All in all I think the author did a good job of assessing TAG. I never quite understood why those employing it don´t start with Scripture alone explicitly rather than merely implying it? I suppose if they did they wouldn´t have any warrant for many assertions Van Tilians make for which they cannot account for per the Scriptures (which is generally the main objection against the presuppositionalism of Gordon Clark). Of course if they did restrict their positive statements to only those things either expressly set down in Scripture or necessarily inferred from them, they would be arguing as Scripturalists and not from TAG.

Anyway:

John 1:1 In the beginning was the LOGOS, and the LOGOS was with God, and the LOGOS was God.
2 The same was in the beginning with God.
3 All things were made by him; and without him was not any thing made that was made.
4 In him was life; and the life was the light of men.

Which answers the above objection which is not exactly framed correctly. The argument isn't if logic then God, the argument being made from Scripture if God then logic for God is Logic. Or, as Clark wrote:

The well-known prologue to John´s Gospel may be paraphrased, "In the beginning was Logic, and Logic was with God, and Logic was God.... In logic was life and the life was the light of men."

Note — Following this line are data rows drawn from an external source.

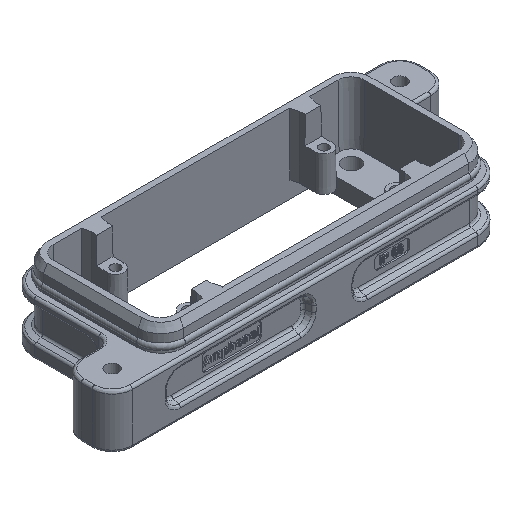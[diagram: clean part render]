
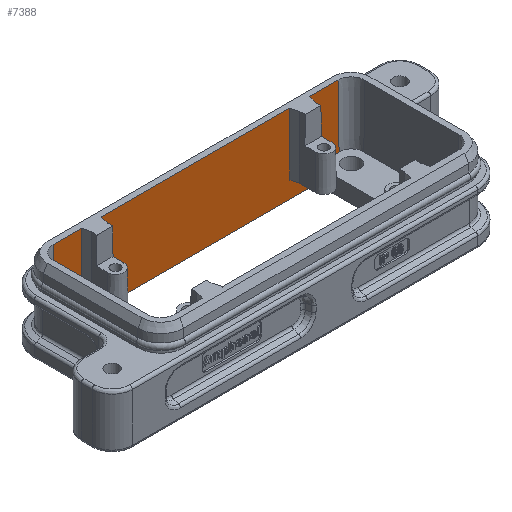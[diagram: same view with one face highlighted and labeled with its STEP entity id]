
A CAD part, isometric view. The second image highlights one B-rep face of the part: STEP entity #7388.
In plain terms, the highlighted planar face has unit normal (0, -1, 0.018).
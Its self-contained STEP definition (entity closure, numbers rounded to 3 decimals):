
#6591=PLANE('',#20891);
#7388=ADVANCED_FACE('',(#8242),#6591,.T.);
#8242=FACE_OUTER_BOUND('',#9166,.T.);
#9166=EDGE_LOOP('',(#15955,#15956,#15957,#15958,#15959,#15960,#15961,#15962,
#15963,#15964,#15965,#15966,#15967,#15968,#15969,#15970,#15971,#15972,#15973,
#15974,#15975,#15976,#15977,#15978));
#9562=LINE('',#24581,#10696);
#9565=LINE('',#24595,#10699);
#10077=LINE('',#27793,#11276);
#10080=LINE('',#27797,#11279);
#10085=LINE('',#27819,#11284);
#10093=LINE('',#27850,#11292);
#10100=LINE('',#27864,#11299);
#10109=LINE('',#27891,#11308);
#10546=LINE('',#31604,#11810);
#10598=LINE('',#32431,#11862);
#10613=LINE('',#32456,#11877);
#10619=LINE('',#32468,#11883);
#10643=LINE('',#32517,#11907);
#10644=LINE('',#32519,#11908);
#10645=LINE('',#32521,#11909);
#10647=LINE('',#32525,#11911);
#10648=LINE('',#32527,#11912);
#10649=LINE('',#32529,#11913);
#10651=LINE('',#32533,#11915);
#10652=LINE('',#32535,#11916);
#10653=LINE('',#32537,#11917);
#10654=LINE('',#32538,#11918);
#10655=LINE('',#32540,#11919);
#10656=LINE('',#32542,#11920);
#10696=VECTOR('',#21025,1.);
#10699=VECTOR('',#21038,1.);
#11276=VECTOR('',#22419,1.);
#11279=VECTOR('',#22424,1.);
#11284=VECTOR('',#22447,1.);
#11292=VECTOR('',#22477,1.);
#11299=VECTOR('',#22486,1.);
#11308=VECTOR('',#22513,1.);
#11810=VECTOR('',#23855,1.);
#11862=VECTOR('',#24159,1.);
#11877=VECTOR('',#24174,1.);
#11883=VECTOR('',#24180,1.);
#11907=VECTOR('',#24234,1.);
#11908=VECTOR('',#24235,1.);
#11909=VECTOR('',#24236,1.);
#11911=VECTOR('',#24242,1.);
#11912=VECTOR('',#24243,1.);
#11913=VECTOR('',#24244,1.);
#11915=VECTOR('',#24250,1.);
#11916=VECTOR('',#24251,1.);
#11917=VECTOR('',#24252,1.);
#11918=VECTOR('',#24253,1.);
#11919=VECTOR('',#24254,1.);
#11920=VECTOR('',#24255,1.);
#15955=ORIENTED_EDGE('',*,*,#17505,.T.);
#15956=ORIENTED_EDGE('',*,*,#18389,.T.);
#15957=ORIENTED_EDGE('',*,*,#18386,.T.);
#15958=ORIENTED_EDGE('',*,*,#19283,.F.);
#15959=ORIENTED_EDGE('',*,*,#18420,.F.);
#15960=ORIENTED_EDGE('',*,*,#18433,.T.);
#15961=ORIENTED_EDGE('',*,*,#17499,.T.);
#15962=ORIENTED_EDGE('',*,*,#19412,.T.);
#15963=ORIENTED_EDGE('',*,*,#19466,.T.);
#15964=ORIENTED_EDGE('',*,*,#19467,.T.);
#15965=ORIENTED_EDGE('',*,*,#19468,.T.);
#15966=ORIENTED_EDGE('',*,*,#18413,.T.);
#15967=ORIENTED_EDGE('',*,*,#19469,.T.);
#15968=ORIENTED_EDGE('',*,*,#19470,.T.);
#15969=ORIENTED_EDGE('',*,*,#19471,.T.);
#15970=ORIENTED_EDGE('',*,*,#19433,.T.);
#15971=ORIENTED_EDGE('',*,*,#19460,.T.);
#15972=ORIENTED_EDGE('',*,*,#19459,.T.);
#15973=ORIENTED_EDGE('',*,*,#19458,.T.);
#15974=ORIENTED_EDGE('',*,*,#18399,.T.);
#15975=ORIENTED_EDGE('',*,*,#19464,.T.);
#15976=ORIENTED_EDGE('',*,*,#19463,.T.);
#15977=ORIENTED_EDGE('',*,*,#19462,.T.);
#15978=ORIENTED_EDGE('',*,*,#19427,.T.);
#16125=VERTEX_POINT('',#24575);
#16128=VERTEX_POINT('',#24580);
#16133=VERTEX_POINT('',#24593);
#16135=VERTEX_POINT('',#24596);
#16746=VERTEX_POINT('',#27787);
#16749=VERTEX_POINT('',#27792);
#16757=VERTEX_POINT('',#27818);
#16758=VERTEX_POINT('',#27820);
#16768=VERTEX_POINT('',#27848);
#16770=VERTEX_POINT('',#27851);
#16772=VERTEX_POINT('',#27858);
#16775=VERTEX_POINT('',#27863);
#17379=VERTEX_POINT('',#32429);
#17391=VERTEX_POINT('',#32457);
#17396=VERTEX_POINT('',#32467);
#17397=VERTEX_POINT('',#32469);
#17407=VERTEX_POINT('',#32518);
#17408=VERTEX_POINT('',#32520);
#17409=VERTEX_POINT('',#32526);
#17410=VERTEX_POINT('',#32528);
#17411=VERTEX_POINT('',#32534);
#17412=VERTEX_POINT('',#32536);
#17413=VERTEX_POINT('',#32539);
#17414=VERTEX_POINT('',#32541);
#17499=EDGE_CURVE('',#16125,#16128,#9562,.T.);
#17505=EDGE_CURVE('',#16135,#16133,#9565,.T.);
#18386=EDGE_CURVE('',#16746,#16749,#10077,.T.);
#18389=EDGE_CURVE('',#16133,#16746,#10080,.T.);
#18399=EDGE_CURVE('',#16758,#16757,#10085,.T.);
#18413=EDGE_CURVE('',#16770,#16768,#10093,.T.);
#18420=EDGE_CURVE('',#16775,#16772,#10100,.T.);
#18433=EDGE_CURVE('',#16775,#16125,#10109,.T.);
#19283=EDGE_CURVE('',#16772,#16749,#10546,.T.);
#19412=EDGE_CURVE('',#16128,#17379,#10598,.T.);
#19427=EDGE_CURVE('',#17391,#16135,#10613,.T.);
#19433=EDGE_CURVE('',#17397,#17396,#10619,.T.);
#19458=EDGE_CURVE('',#17407,#16758,#10643,.T.);
#19459=EDGE_CURVE('',#17408,#17407,#10644,.T.);
#19460=EDGE_CURVE('',#17396,#17408,#10645,.T.);
#19462=EDGE_CURVE('',#17409,#17391,#10647,.T.);
#19463=EDGE_CURVE('',#17410,#17409,#10648,.T.);
#19464=EDGE_CURVE('',#16757,#17410,#10649,.T.);
#19466=EDGE_CURVE('',#17379,#17411,#10651,.T.);
#19467=EDGE_CURVE('',#17411,#17412,#10652,.T.);
#19468=EDGE_CURVE('',#17412,#16770,#10653,.T.);
#19469=EDGE_CURVE('',#16768,#17413,#10654,.T.);
#19470=EDGE_CURVE('',#17413,#17414,#10655,.T.);
#19471=EDGE_CURVE('',#17414,#17397,#10656,.T.);
#20891=AXIS2_PLACEMENT_3D('',#32543,#24256,#24257);
#21025=DIRECTION('',(0.,0.017,1.));
#21038=DIRECTION('',(0.,-0.017,-1.));
#22419=DIRECTION('',(-0.017,-0.017,-1.));
#22424=DIRECTION('',(1.,0.,0.));
#22447=DIRECTION('',(-1.,0.,0.));
#22477=DIRECTION('',(-1.,0.,0.));
#22486=DIRECTION('',(0.017,-0.017,-1.));
#22513=DIRECTION('',(1.,0.,0.));
#23855=DIRECTION('',(-1.,0.,0.));
#24159=DIRECTION('',(-1.,0.,0.));
#24174=DIRECTION('',(-1.,0.,0.));
#24180=DIRECTION('',(-1.,0.,0.));
#24234=DIRECTION('',(0.013,-0.017,-1.));
#24235=DIRECTION('',(0.013,-0.017,-1.));
#24236=DIRECTION('',(0.013,-0.017,-1.));
#24242=DIRECTION('',(0.013,0.017,1.));
#24243=DIRECTION('',(0.013,0.017,1.));
#24244=DIRECTION('',(0.013,0.017,1.));
#24250=DIRECTION('',(0.013,-0.017,-1.));
#24251=DIRECTION('',(0.013,-0.017,-1.));
#24252=DIRECTION('',(0.013,-0.017,-1.));
#24253=DIRECTION('',(0.013,0.017,1.));
#24254=DIRECTION('',(0.013,0.017,1.));
#24255=DIRECTION('',(0.013,0.017,1.));
#24256=DIRECTION('',(0.,-1.,0.017));
#24257=DIRECTION('',(0.,-0.017,-1.));
#24575=CARTESIAN_POINT('',(53.,22.1,6.));
#24580=CARTESIAN_POINT('',(53.,22.5,28.9));
#24581=CARTESIAN_POINT('',(53.,22.5,28.9));
#24593=CARTESIAN_POINT('',(-53.,22.1,6.));
#24595=CARTESIAN_POINT('',(-53.,22.5,28.9));
#24596=CARTESIAN_POINT('',(-53.,22.5,28.9));
#27787=CARTESIAN_POINT('',(-44.395,22.1,6.));
#27792=CARTESIAN_POINT('',(-44.5,21.996,0.));
#27793=CARTESIAN_POINT('',(-44.507,21.989,-0.384));
#27797=CARTESIAN_POINT('',(-60.168,22.1,6.));
#27818=CARTESIAN_POINT('',(-42.752,22.1,6.));
#27819=CARTESIAN_POINT('',(0.,22.1,6.));
#27820=CARTESIAN_POINT('',(-34.748,22.1,6.));
#27848=CARTESIAN_POINT('',(34.748,22.1,6.));
#27850=CARTESIAN_POINT('',(0.,22.1,6.));
#27851=CARTESIAN_POINT('',(42.752,22.1,6.));
#27858=CARTESIAN_POINT('',(44.5,21.996,0.));
#27863=CARTESIAN_POINT('',(44.395,22.1,6.));
#27864=CARTESIAN_POINT('',(43.982,22.513,29.667));
#27891=CARTESIAN_POINT('',(42.832,22.1,6.));
#31604=CARTESIAN_POINT('',(0.,21.996,0.));
#32429=CARTESIAN_POINT('',(42.445,22.5,28.9));
#32431=CARTESIAN_POINT('',(0.,22.5,28.9));
#32456=CARTESIAN_POINT('',(0.,22.5,28.9));
#32457=CARTESIAN_POINT('',(-42.445,22.5,28.9));
#32467=CARTESIAN_POINT('',(-35.055,22.5,28.9));
#32468=CARTESIAN_POINT('',(0.,22.5,28.9));
#32469=CARTESIAN_POINT('',(35.055,22.5,28.9));
#32517=CARTESIAN_POINT('',(-35.049,22.492,28.431));
#32518=CARTESIAN_POINT('',(-34.931,22.338,19.602));
#32519=CARTESIAN_POINT('',(-34.924,22.33,19.134));
#32520=CARTESIAN_POINT('',(-35.02,22.455,26.302));
#32521=CARTESIAN_POINT('',(-35.049,22.492,28.431));
#32525=CARTESIAN_POINT('',(-42.437,22.51,29.468));
#32526=CARTESIAN_POINT('',(-42.48,22.455,26.302));
#32527=CARTESIAN_POINT('',(-42.581,22.323,18.768));
#32528=CARTESIAN_POINT('',(-42.569,22.338,19.602));
#32529=CARTESIAN_POINT('',(-42.437,22.51,29.468));
#32533=CARTESIAN_POINT('',(42.459,22.481,27.833));
#32534=CARTESIAN_POINT('',(42.48,22.455,26.302));
#32535=CARTESIAN_POINT('',(42.577,22.328,19.036));
#32536=CARTESIAN_POINT('',(42.569,22.338,19.602));
#32537=CARTESIAN_POINT('',(42.459,22.481,27.833));
#32538=CARTESIAN_POINT('',(35.041,22.481,27.833));
#32539=CARTESIAN_POINT('',(34.931,22.338,19.602));
#32540=CARTESIAN_POINT('',(34.924,22.33,19.134));
#32541=CARTESIAN_POINT('',(35.02,22.455,26.302));
#32542=CARTESIAN_POINT('',(35.041,22.481,27.833));
#32543=CARTESIAN_POINT('',(0.,22.5,28.9));

This paraphrase"”in fact, this translation"”may not only sound strange to devout ears, it may even sound obnoxious and offensive. But the shock only measures the devout person´s distance from the language and thought of the Greek New Testament. Why it is offensive to call Christ Logic, when it does not offend to call him a word, is hard to explain. But such is often the case. Even Augustine, because he insisted that God is truth, has been subjected to the anti-intellectualistic accusation of "reducing" God to a proposition. At any rate, the strong intellectualism of the word Logos is seen in its several possible translations: to wit, computation, (financial) accounts, esteem, proportion and (mathematical) ratio, explanation, theory or argument, principle or law, reason, formula, debate, narrative, speech, deliberation, discussion, oracle, sentence, and wisdom.

Any translation of John 1:1 that obscures this emphasis on mind or reason is a bad translation. And if anyone complains that the idea of ratio or debate obscures the personality of the second person of the Trinity, he should alter his concept of personality. In the beginning, then, was Logic.

:amen:
 
Are we to call this "LAG"? (Logical Argument for God) :cool:

I like this approach. I will defer to the Greek scholars (of which I am not) to parse out Logos = Word = Logic (or maybe 'Word' contains 'Logic'? Don't want to get neo-orthodox here). But I'm a simple man and this is simple.